[Date Prev][Date Next][Thread Prev][Thread Next][Date Index][Thread Index]
bug#48324: 27.2; hexl-mode duplicates the UTF-8 BOM
From: |
Lars Ingebrigtsen |
Subject: |
bug#48324: 27.2; hexl-mode duplicates the UTF-8 BOM |
Date: |
Mon, 04 Jul 2022 12:34:29 +0200 |
User-agent: |
Gnus/5.13 (Gnus v5.13) Emacs/29.0.50 (gnu/linux) |
Eli Zaretskii <eliz@gnu.org> writes:
> I see that it's actually 6 bytes _including_ the BOM. So I think this
> is confusing: if we are going to return a string with the BOM, we
> should not count the BOM as part of the LENGTH bytes. Because if I
> requested to get characters which fit into N bytes, I should get those
> N bytes of payload. Or maybe we should have an optional argument to
> control whether LENGTH includes or excludes the BOM.

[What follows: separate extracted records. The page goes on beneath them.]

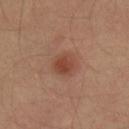Imaged during a routine full-body skin examination; the lesion was not biopsied and no histopathology is available. On the right thigh. A region of skin cropped from a whole-body photographic capture, roughly 15 mm wide. A male patient in their 40s. Measured at roughly 2.5 mm in maximum diameter.
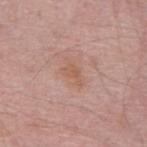workup: no biopsy performed (imaged during a skin exam) | site: the mid back | tile lighting: white-light | lesion size: ~2.5 mm (longest diameter) | patient: male, aged around 60 | image source: ~15 mm tile from a whole-body skin photo.
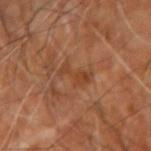biopsy status — imaged on a skin check; not biopsied
diameter — about 3.5 mm
subject — aged 63 to 67
lighting — cross-polarized
location — the left forearm
image source — total-body-photography crop, ~15 mm field of view
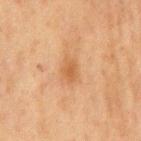Notes:
• follow-up · total-body-photography surveillance lesion; no biopsy
• tile lighting · cross-polarized
• automated lesion analysis · a lesion color around L≈47 a*≈19 b*≈34 in CIELAB and about 7 CIELAB-L* units darker than the surrounding skin; internal color variation of about 2 on a 0–10 scale and radial color variation of about 0.5
• body site · the back
• imaging modality · total-body-photography crop, ~15 mm field of view
• lesion size · ≈3 mm
• subject · male, aged 73–77
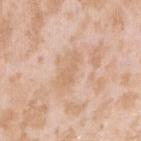Q: What is the imaging modality?
A: ~15 mm crop, total-body skin-cancer survey
Q: Illumination type?
A: white-light
Q: How large is the lesion?
A: ≈3.5 mm
Q: Who is the patient?
A: female, approximately 25 years of age
Q: Lesion location?
A: the right upper arm
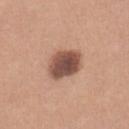{"biopsy_status": "not biopsied; imaged during a skin examination", "image": {"source": "total-body photography crop", "field_of_view_mm": 15}, "site": "right lower leg", "lesion_size": {"long_diameter_mm_approx": 4.0}, "patient": {"sex": "female", "age_approx": 45}, "lighting": "white-light"}
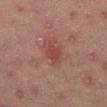A 15 mm close-up extracted from a 3D total-body photography capture. Captured under cross-polarized illumination. About 3 mm across. The subject is a male in their mid-40s. The lesion is on the abdomen.
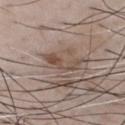biopsy status: catalogued during a skin exam; not biopsied
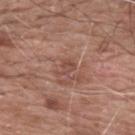patient:
  sex: male
  age_approx: 60
site: back
image:
  source: total-body photography crop
  field_of_view_mm: 15
lesion_size:
  long_diameter_mm_approx: 2.5
lighting: white-light
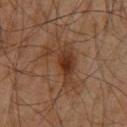Impression:
This lesion was catalogued during total-body skin photography and was not selected for biopsy.
Background:
From the chest. A 15 mm close-up extracted from a 3D total-body photography capture. A male subject, aged approximately 60. Automated tile analysis of the lesion measured an average lesion color of about L≈33 a*≈18 b*≈28 (CIELAB), a lesion–skin lightness drop of about 8, and a normalized lesion–skin contrast near 7.5. It also reported a border-irregularity index near 8.5/10.
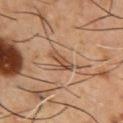follow-up: catalogued during a skin exam; not biopsied
body site: the chest
image: ~15 mm crop, total-body skin-cancer survey
tile lighting: cross-polarized illumination
subject: male, aged 53–57
image-analysis metrics: a shape-asymmetry score of about 0.4 (0 = symmetric); an average lesion color of about L≈48 a*≈20 b*≈31 (CIELAB), a lesion–skin lightness drop of about 10, and a normalized lesion–skin contrast near 7.5
size: ~3.5 mm (longest diameter)
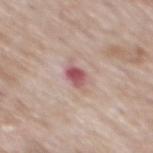<tbp_lesion>
  <site>mid back</site>
  <automated_metrics>
    <eccentricity>0.7</eccentricity>
    <shape_asymmetry>0.25</shape_asymmetry>
    <cielab_L>54</cielab_L>
    <cielab_a>27</cielab_a>
    <cielab_b>20</cielab_b>
    <vs_skin_darker_L>14.0</vs_skin_darker_L>
    <vs_skin_contrast_norm>9.5</vs_skin_contrast_norm>
    <nevus_likeness_0_100>0</nevus_likeness_0_100>
    <lesion_detection_confidence_0_100>100</lesion_detection_confidence_0_100>
  </automated_metrics>
  <image>
    <source>total-body photography crop</source>
    <field_of_view_mm>15</field_of_view_mm>
  </image>
  <lesion_size>
    <long_diameter_mm_approx>2.5</long_diameter_mm_approx>
  </lesion_size>
  <patient>
    <sex>male</sex>
    <age_approx>65</age_approx>
  </patient>
  <lighting>white-light</lighting>
</tbp_lesion>
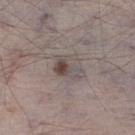Q: Is there a histopathology result?
A: imaged on a skin check; not biopsied
Q: Lesion location?
A: the right lower leg
Q: What is the lesion's diameter?
A: about 4 mm
Q: How was this image acquired?
A: ~15 mm tile from a whole-body skin photo
Q: What are the patient's age and sex?
A: male, in their 70s

It the caller has asked for a max number of bytes in a coding system
that includes a BOM, then the BOM has to be counted -- otherwise the
bytes won't fit into whatever field the protocol they're using limits
the string to.
However, utf-16 is in a slightly special situation here, since the byte
order is often implied, and people use utf-16 instead of
utf-16be-with-signature (or something), and utf-16 (in Emacs) is defined
to have a BOM. (And we don't have a -without-signature variant, do we?)

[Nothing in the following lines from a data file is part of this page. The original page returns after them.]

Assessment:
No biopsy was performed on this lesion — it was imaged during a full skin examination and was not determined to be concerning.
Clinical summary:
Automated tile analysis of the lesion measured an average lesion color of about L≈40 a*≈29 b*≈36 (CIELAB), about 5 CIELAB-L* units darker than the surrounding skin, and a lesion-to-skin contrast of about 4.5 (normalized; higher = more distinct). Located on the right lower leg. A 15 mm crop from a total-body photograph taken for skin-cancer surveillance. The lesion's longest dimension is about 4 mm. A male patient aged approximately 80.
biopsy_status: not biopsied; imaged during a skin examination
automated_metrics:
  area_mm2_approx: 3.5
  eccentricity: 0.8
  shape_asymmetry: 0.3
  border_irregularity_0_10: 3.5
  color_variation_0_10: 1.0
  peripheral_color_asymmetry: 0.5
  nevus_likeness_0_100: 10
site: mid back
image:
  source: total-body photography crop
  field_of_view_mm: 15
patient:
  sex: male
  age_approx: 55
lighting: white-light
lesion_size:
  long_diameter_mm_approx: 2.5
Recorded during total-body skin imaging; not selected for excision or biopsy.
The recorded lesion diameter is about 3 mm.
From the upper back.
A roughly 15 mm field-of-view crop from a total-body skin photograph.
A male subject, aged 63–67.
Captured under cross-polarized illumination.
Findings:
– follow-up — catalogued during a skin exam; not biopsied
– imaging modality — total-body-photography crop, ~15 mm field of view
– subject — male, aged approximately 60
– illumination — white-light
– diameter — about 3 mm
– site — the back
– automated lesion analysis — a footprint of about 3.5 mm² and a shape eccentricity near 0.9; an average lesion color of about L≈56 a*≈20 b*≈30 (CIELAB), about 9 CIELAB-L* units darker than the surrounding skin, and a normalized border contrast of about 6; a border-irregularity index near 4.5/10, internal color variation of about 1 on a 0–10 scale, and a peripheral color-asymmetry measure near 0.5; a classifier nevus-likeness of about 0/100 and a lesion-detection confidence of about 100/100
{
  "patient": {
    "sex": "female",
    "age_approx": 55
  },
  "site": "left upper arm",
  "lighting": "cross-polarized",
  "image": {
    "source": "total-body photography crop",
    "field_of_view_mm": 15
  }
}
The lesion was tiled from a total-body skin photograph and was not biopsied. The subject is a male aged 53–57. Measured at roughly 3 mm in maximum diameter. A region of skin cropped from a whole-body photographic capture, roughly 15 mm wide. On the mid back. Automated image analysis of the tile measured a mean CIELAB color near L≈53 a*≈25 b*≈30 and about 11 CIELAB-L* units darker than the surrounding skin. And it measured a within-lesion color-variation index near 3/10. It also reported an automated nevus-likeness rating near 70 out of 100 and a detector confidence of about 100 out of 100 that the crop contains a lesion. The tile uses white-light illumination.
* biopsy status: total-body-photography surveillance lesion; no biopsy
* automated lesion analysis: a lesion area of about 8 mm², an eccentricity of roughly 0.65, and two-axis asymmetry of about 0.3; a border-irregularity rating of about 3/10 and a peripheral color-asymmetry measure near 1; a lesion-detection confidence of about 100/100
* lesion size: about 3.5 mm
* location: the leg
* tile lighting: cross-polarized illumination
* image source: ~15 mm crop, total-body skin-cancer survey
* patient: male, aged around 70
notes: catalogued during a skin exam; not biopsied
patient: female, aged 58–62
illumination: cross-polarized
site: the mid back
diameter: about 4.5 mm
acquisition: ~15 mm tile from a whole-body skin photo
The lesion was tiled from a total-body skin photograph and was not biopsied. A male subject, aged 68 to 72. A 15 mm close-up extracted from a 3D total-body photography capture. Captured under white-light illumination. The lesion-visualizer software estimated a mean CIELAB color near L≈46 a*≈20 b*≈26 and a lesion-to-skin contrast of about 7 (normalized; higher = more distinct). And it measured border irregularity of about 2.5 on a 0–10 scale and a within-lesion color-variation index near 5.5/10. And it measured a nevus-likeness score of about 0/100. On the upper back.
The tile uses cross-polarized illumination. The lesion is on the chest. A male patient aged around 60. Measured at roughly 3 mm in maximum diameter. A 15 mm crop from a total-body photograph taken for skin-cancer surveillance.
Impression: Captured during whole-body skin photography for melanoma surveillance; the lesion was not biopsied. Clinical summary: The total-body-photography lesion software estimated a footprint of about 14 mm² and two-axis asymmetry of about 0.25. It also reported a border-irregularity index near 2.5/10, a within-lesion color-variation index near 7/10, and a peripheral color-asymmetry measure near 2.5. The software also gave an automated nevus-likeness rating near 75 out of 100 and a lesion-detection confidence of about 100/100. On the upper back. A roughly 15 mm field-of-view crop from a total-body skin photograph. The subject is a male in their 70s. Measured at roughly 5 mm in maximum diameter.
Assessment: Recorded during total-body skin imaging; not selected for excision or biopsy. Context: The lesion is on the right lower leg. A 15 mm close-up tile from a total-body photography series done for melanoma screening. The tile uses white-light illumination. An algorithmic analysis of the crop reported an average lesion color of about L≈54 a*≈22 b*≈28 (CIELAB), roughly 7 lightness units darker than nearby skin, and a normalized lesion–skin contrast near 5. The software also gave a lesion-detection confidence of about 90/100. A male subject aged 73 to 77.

> In any case, we should mention this aspect in the doc string, I think.
Yes. But should we have -without-signature variants for utf-16? Then
the doc string could recommend using that if the caller wants BOM-less
bytes.
--
(domestic pets only, the antidote for overdose, milk.)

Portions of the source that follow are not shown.